A man may be able to put across a great image, but it could simply be a cover for hidden shortcomings, or he could just be totally faking it to “get the girl.”
Here are some ways to know if you’ve struck gold:
A real man values more than just your looks.
Is every compliment from him about a different body part? It doesn’t matter how creative he can be, if a guy’s sole focus is on how you look, or ‘talking dirty,’ see it as a red flag. A real man will value your personality, your kindness, your intelligence, and who you are as a person, in general. The things he makes you feel good about will be things that you control, not just results of getting lucky in the gene pool.
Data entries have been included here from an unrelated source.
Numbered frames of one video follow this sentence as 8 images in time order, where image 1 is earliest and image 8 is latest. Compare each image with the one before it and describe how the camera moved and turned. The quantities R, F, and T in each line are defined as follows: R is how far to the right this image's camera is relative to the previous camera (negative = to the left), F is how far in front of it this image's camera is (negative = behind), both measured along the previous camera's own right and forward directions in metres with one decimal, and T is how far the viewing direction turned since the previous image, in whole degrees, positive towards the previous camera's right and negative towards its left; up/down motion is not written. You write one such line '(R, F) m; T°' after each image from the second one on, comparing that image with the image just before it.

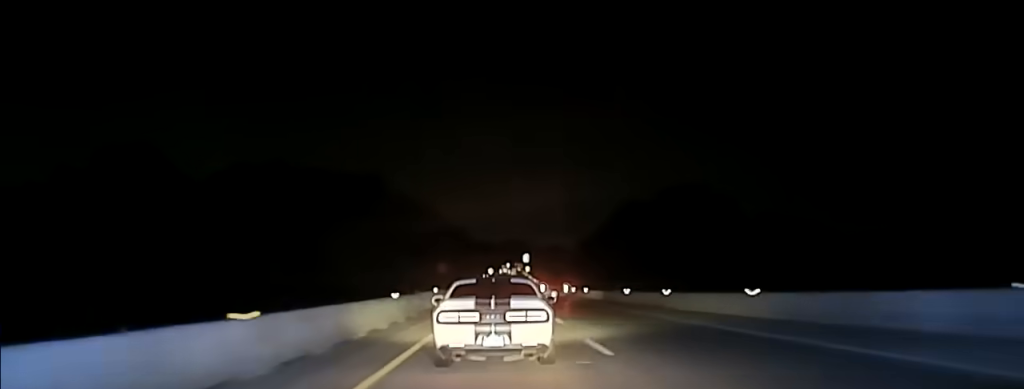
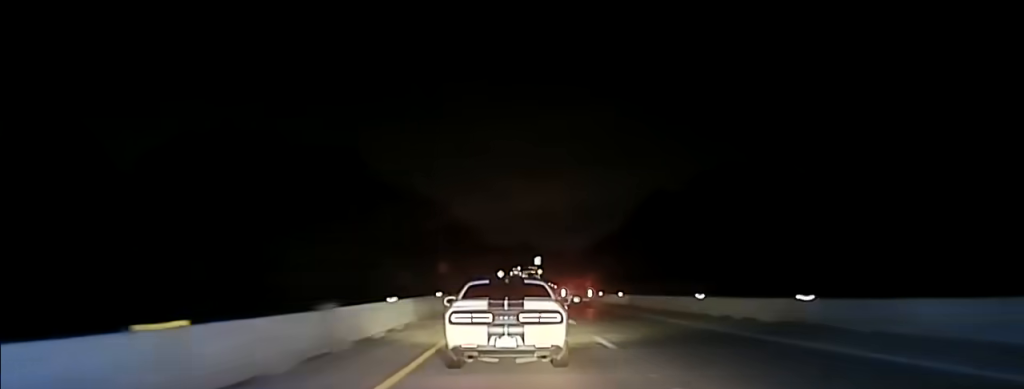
(-0.3, +22.6) m; -1°
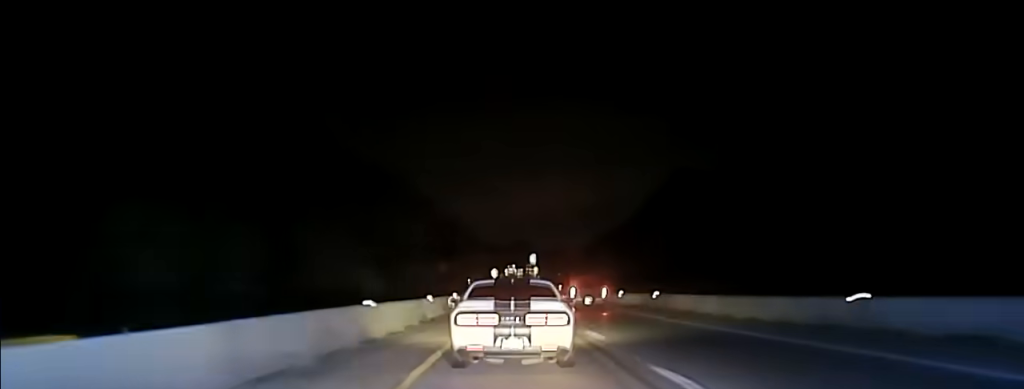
(-0.3, +21.3) m; 0°
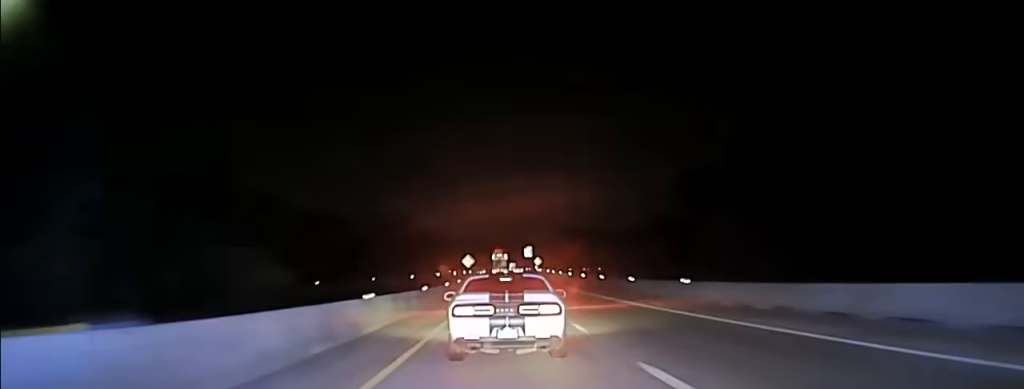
(+1.3, +122.4) m; +1°
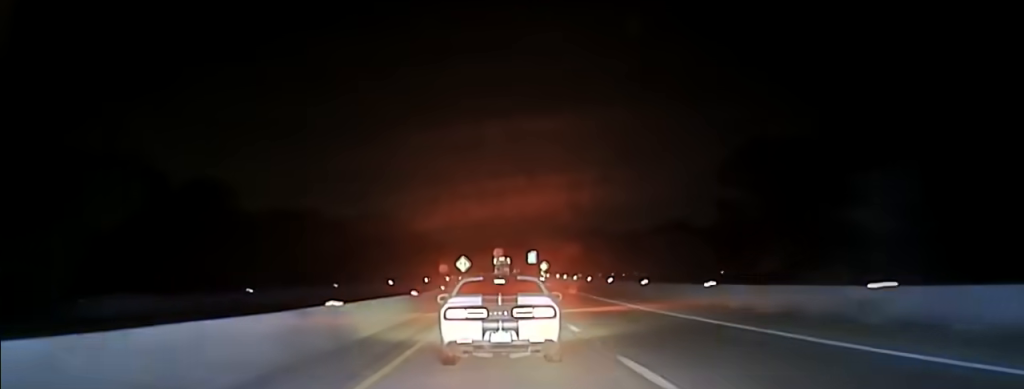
(+0.3, +23.9) m; 0°
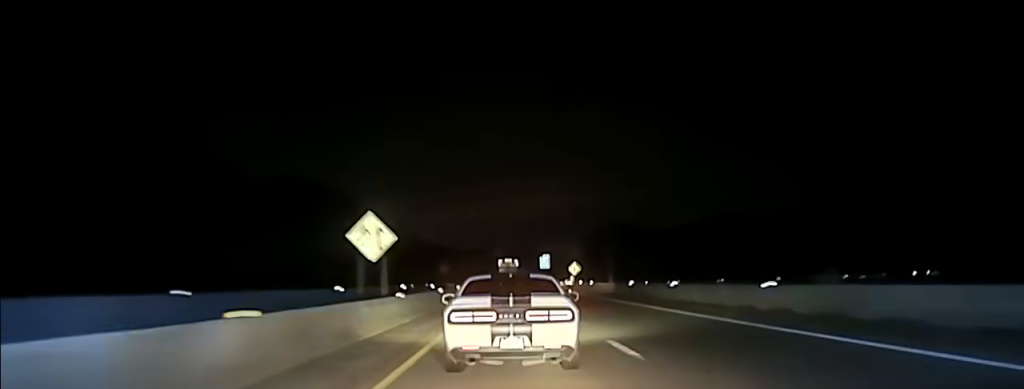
(-0.8, +81.2) m; -1°
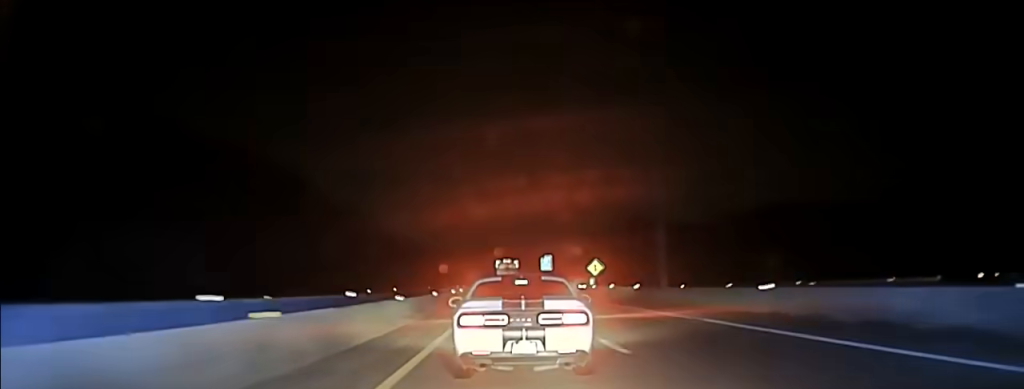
(-0.2, +36.3) m; 0°
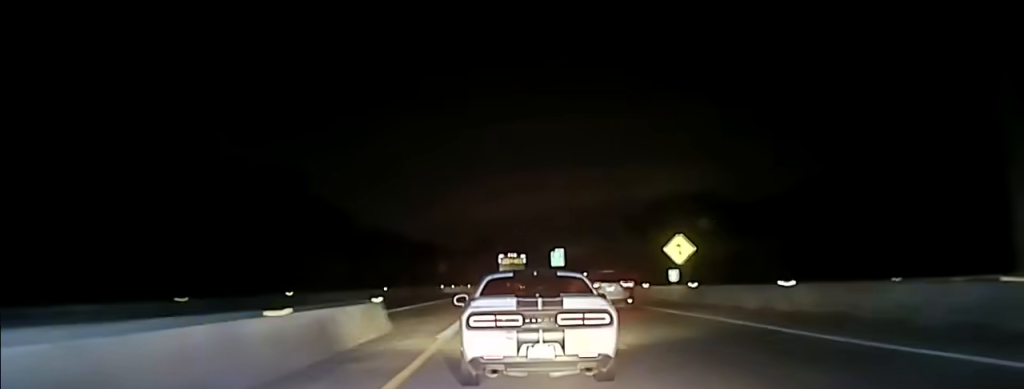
(+0.4, +48.9) m; 0°

A real man will never be intimidated by your motivation.
A man who has goals for himself, will want to be with a woman who has goals for her own life, too. He will never feel intimidated or threatened by a woman who goes after what she wants. He will want to be part of a power couple, rather than a dictatorship. Be mindful of anyone who tries to keep you from pursuing your dreams.
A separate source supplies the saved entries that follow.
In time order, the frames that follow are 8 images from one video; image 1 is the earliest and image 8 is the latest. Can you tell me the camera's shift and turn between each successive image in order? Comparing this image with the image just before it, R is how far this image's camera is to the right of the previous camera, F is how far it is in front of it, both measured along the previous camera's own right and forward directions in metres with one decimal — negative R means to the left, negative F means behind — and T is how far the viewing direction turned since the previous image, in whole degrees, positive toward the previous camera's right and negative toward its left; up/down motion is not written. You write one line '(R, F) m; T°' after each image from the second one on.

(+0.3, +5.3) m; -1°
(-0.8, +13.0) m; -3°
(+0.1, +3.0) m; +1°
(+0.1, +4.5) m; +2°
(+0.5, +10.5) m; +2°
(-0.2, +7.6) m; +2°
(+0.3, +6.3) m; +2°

A real man will have more interests than just you.
I don’t mean this in a negative way. You should, of course, be a priority in his life – but he needs to have a life as well. Interests, friends, hobbies, aspirations. If a man works his entire life around you, it’s another red flag – relationships should be a great part of your life, but not encompass your whole life.
A real man will give you answers.
No matter how awkward or uncomfortable a situation is, a real man will approach it, and you, with respect. I have always felt that a mark of a man is how he handles conflict, criticism, and less-than-ideal situations. A man will not dance around answers or make excuses. If there is something you two need to talk about, he will talk about it.
A real man is direct.
In addition to the last point—there will be no mind games or manipulation in your relationship. A man will be direct, to the point, and honest with you … but with kindness.
A real man will trust you.
As long as you haven’t betrayed his trust, a man will NOT be paranoid, or snoop around invading your privacy to make sure you’re not doing anything bad. He will have confidence in your relationship. A boy will project his own insecurities onto you, and like termites in a house, will eat away at the foundation of what you’ve built.
A real man is cool, calm, and collected.
It should be understood that part of what comes with the territory of having a girlfriend, is dealing with her getting hit on. If you’re at the bar together, or if she’s out with her friends, it goes without saying that your girlfriend will get hit on every once in awhile.
Instead of letting his primate instincts prevail and beating his chest like an angry gorilla to scare off competition, a confident man will calmly make his position known, and understand that you’re still going home with him at the end of the night.
A real man will show you respect.
Nothing signifies an empty shell of a man more than someone who disrespects women, animals, or children. A real man will treat you with the respect that you deserve, never force you to do anything you’re uncomfortable with, and never mistreat you. Be honest enough with yourself to walk away from any situation that is dangerous to you, physically or emotionally.
A real man will put effort into your relationship.
Boys are generally apathetic and just look for one thing from a woman. A man, will do what it takes to make you happy, both inside and outside of the bedroom. Your happiness, is his reward.
A real man will make you want to be the best version of yourself, without changing who you really are.
A man will empower those around him. He will strive for greatness and therefore inspire others to strive for it as well. This not only includes friends and co-workers, but also significant others.
As Mark Twain said – Keep away from people who try to belittle your ambitions. Small people always do that, but the really great make you feel that you, too, can become great.
If you do have one of these men in your life, make sure he knows he is appreciated.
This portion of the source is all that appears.